Your task is to repeat all of the data exactly while excluding the pictures.

------ EXTRACTED MATERIAL

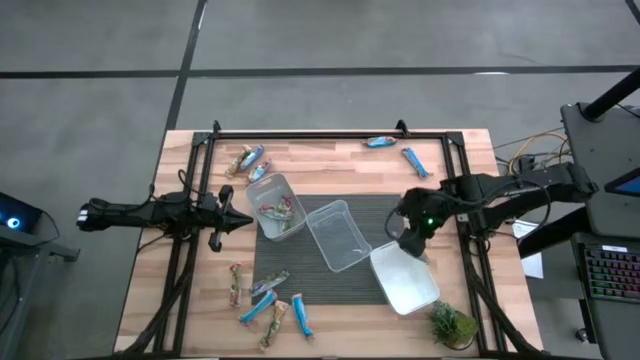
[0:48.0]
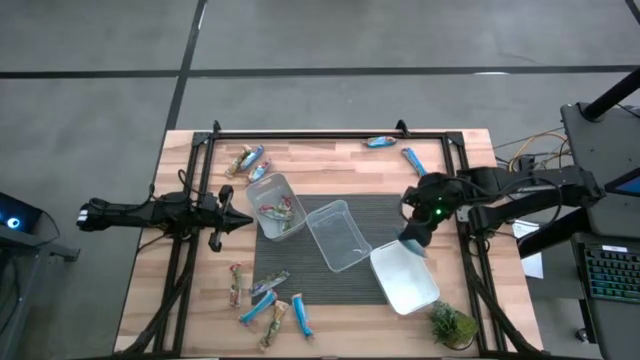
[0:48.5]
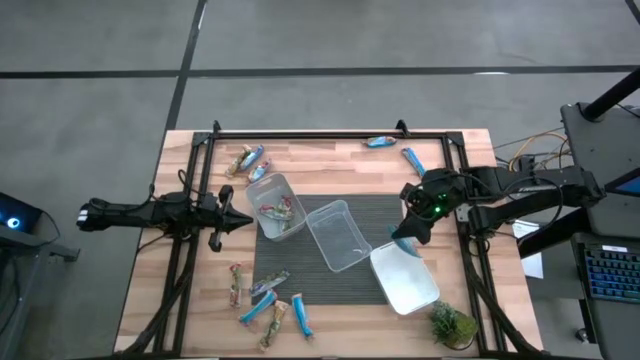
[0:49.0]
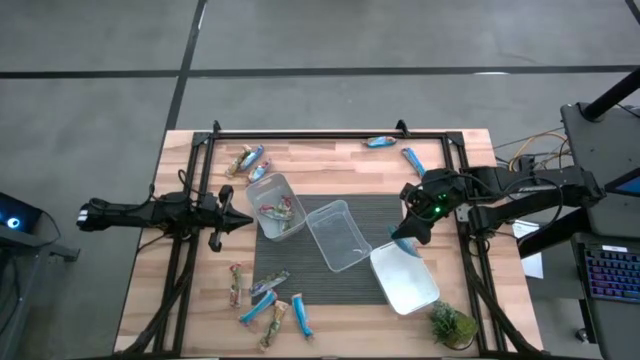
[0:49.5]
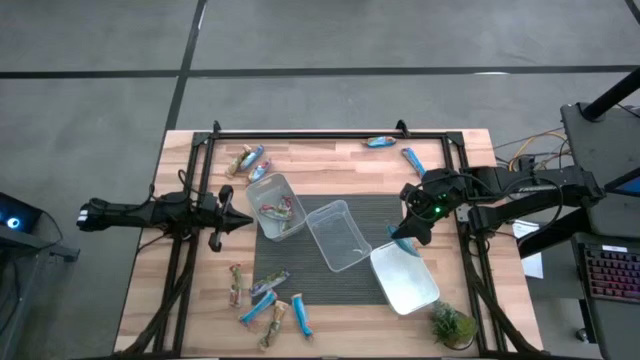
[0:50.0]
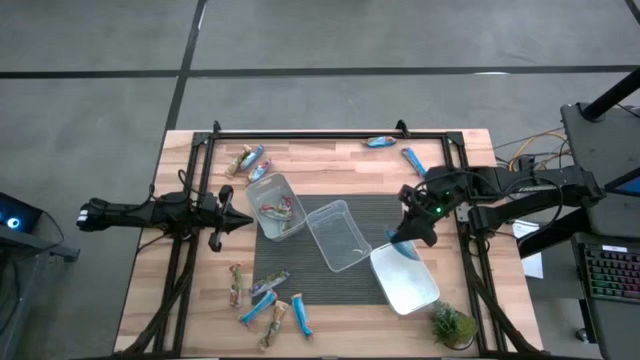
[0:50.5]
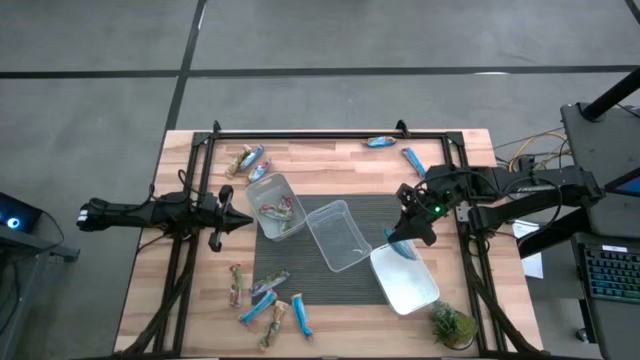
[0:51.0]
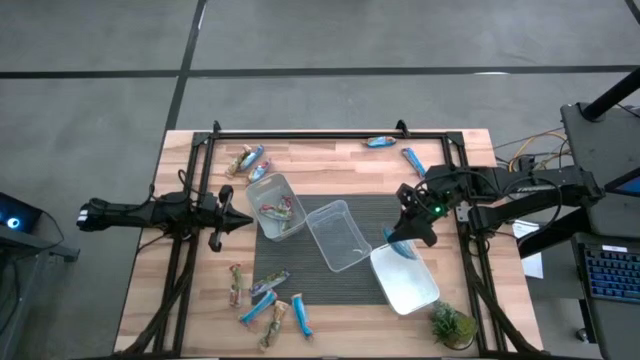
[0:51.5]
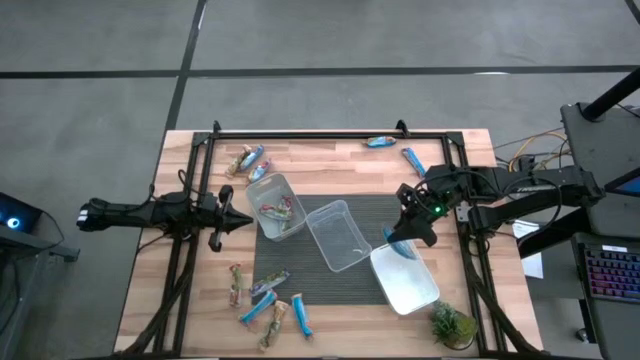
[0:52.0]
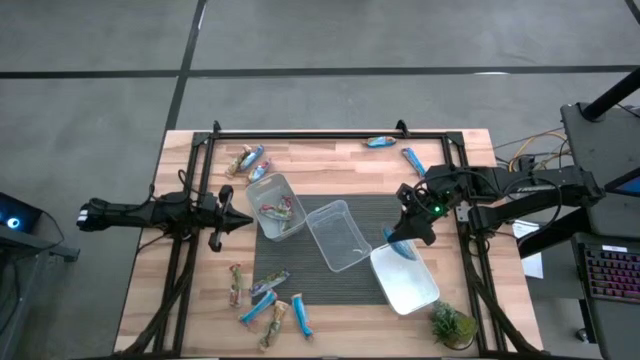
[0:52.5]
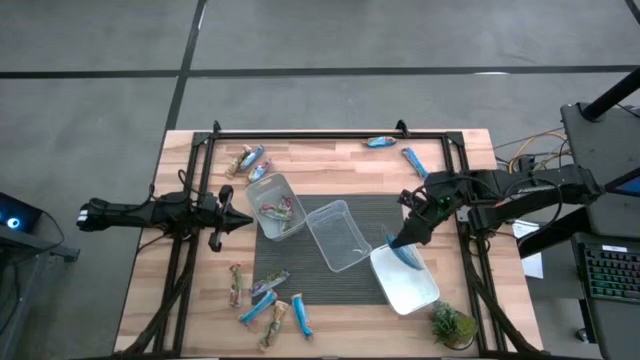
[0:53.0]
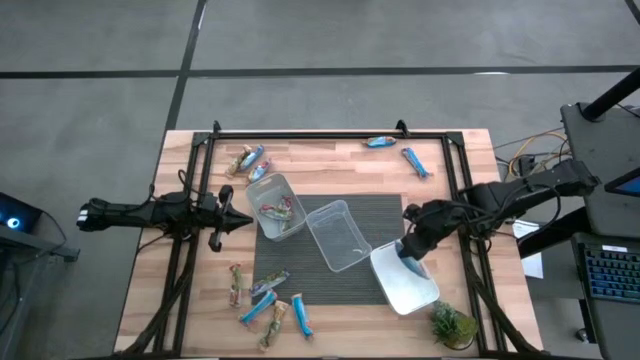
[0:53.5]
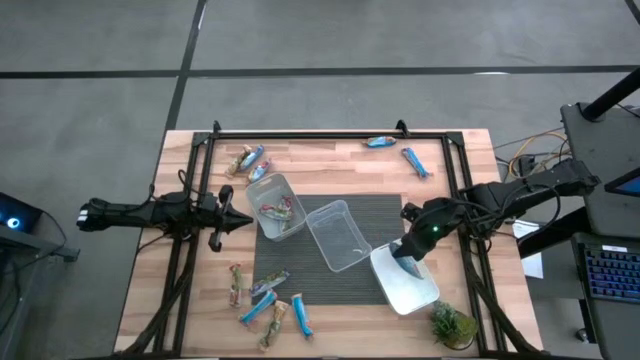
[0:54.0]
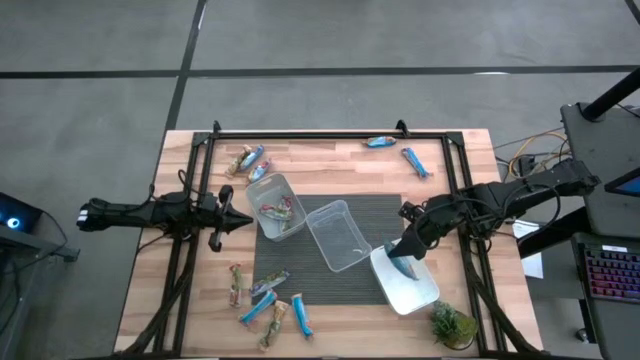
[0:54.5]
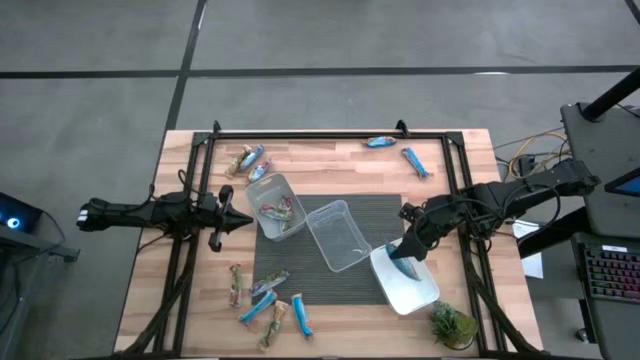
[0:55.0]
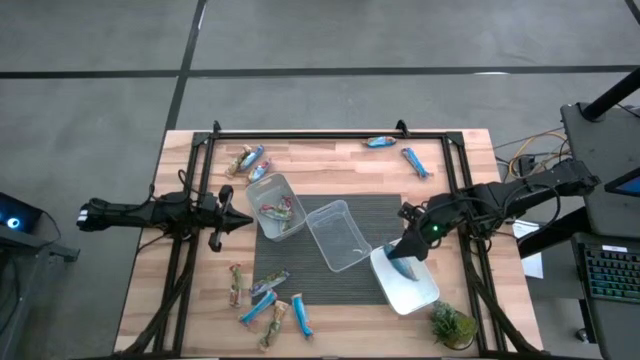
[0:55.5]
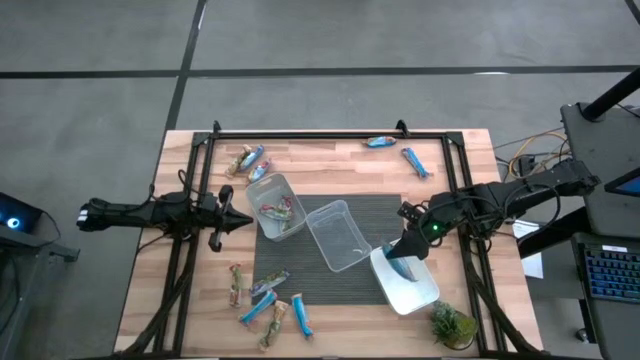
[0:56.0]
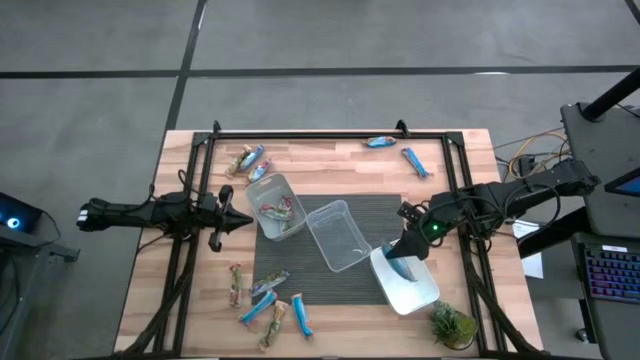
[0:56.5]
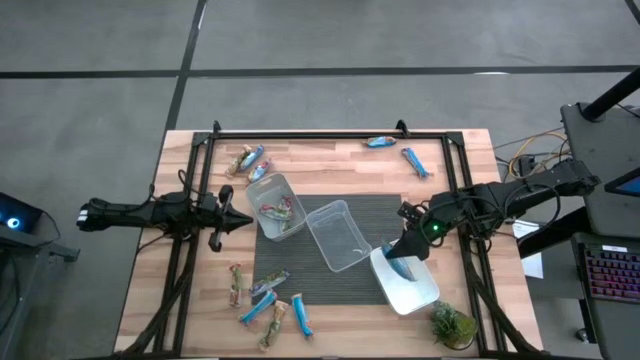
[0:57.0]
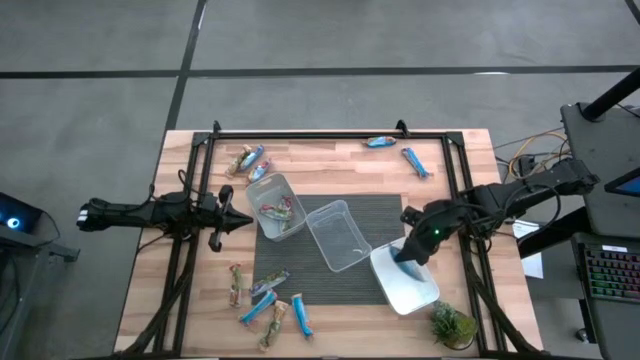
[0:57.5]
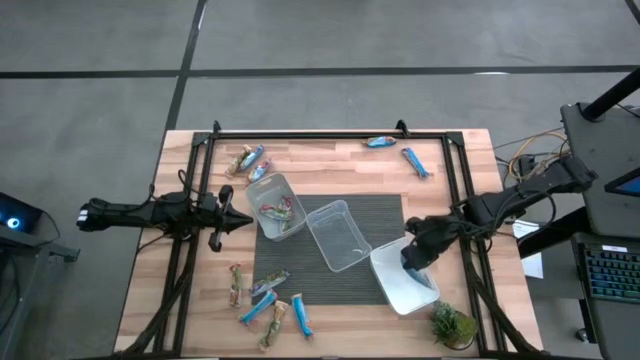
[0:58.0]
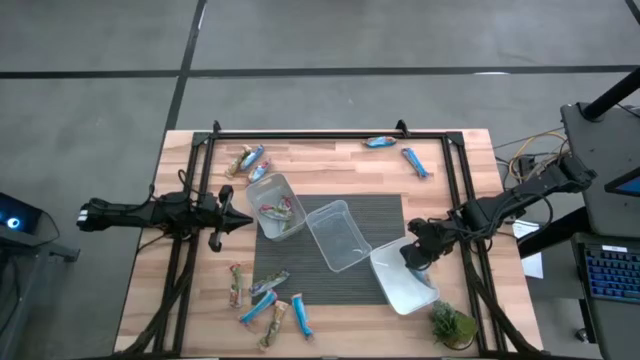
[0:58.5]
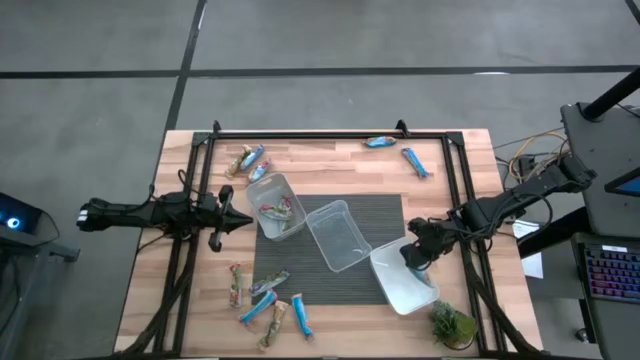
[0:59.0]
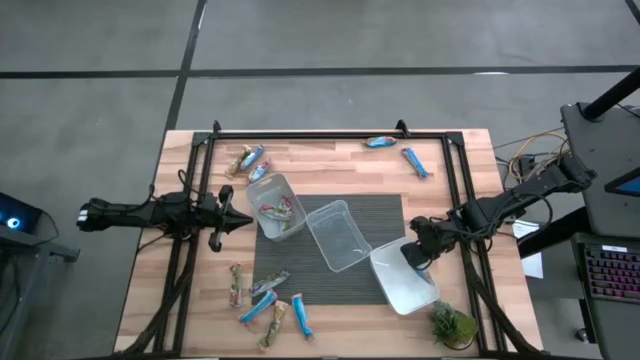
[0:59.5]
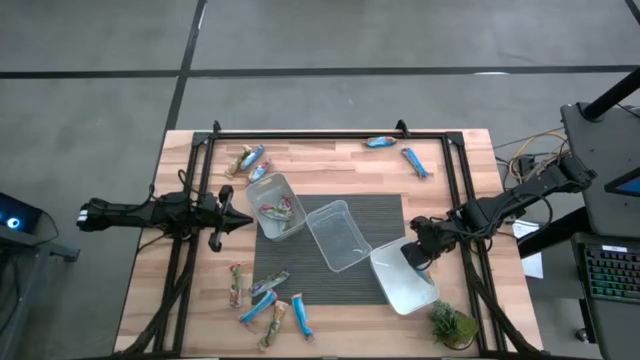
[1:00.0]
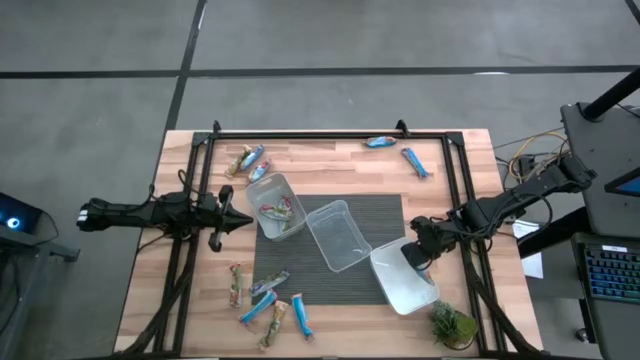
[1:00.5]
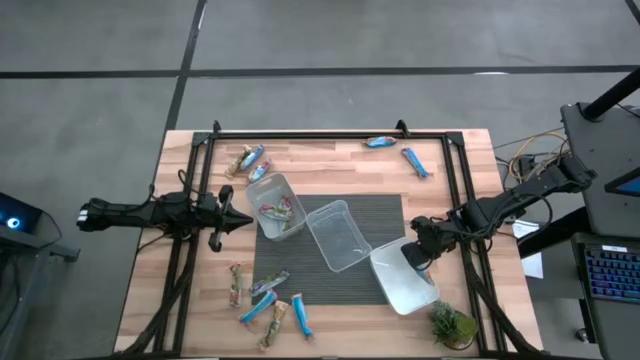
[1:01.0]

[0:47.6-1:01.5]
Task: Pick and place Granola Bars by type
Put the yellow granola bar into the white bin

------------

FINISHED TASK:
[0:48.0]
[0:48.5]
[0:49.0]
[0:49.5]
[0:50.0]
[0:50.5]
[0:51.0]
[0:51.5]
[0:52.0]
[0:52.5]
[0:53.0]
[0:53.5]
[0:54.0]
[0:54.5]
[0:55.0]
[0:55.5]
[0:56.0]
[0:56.5]
[0:57.0]
[0:57.5]
[0:58.0]
[0:58.5]
[0:59.0]
[0:59.5]
[1:00.0]
[1:00.5]
[1:01.0]

[0:47.6-1:01.5]
Task: Pick and place Granola Bars by type
Put the yellow granola bar into the white bin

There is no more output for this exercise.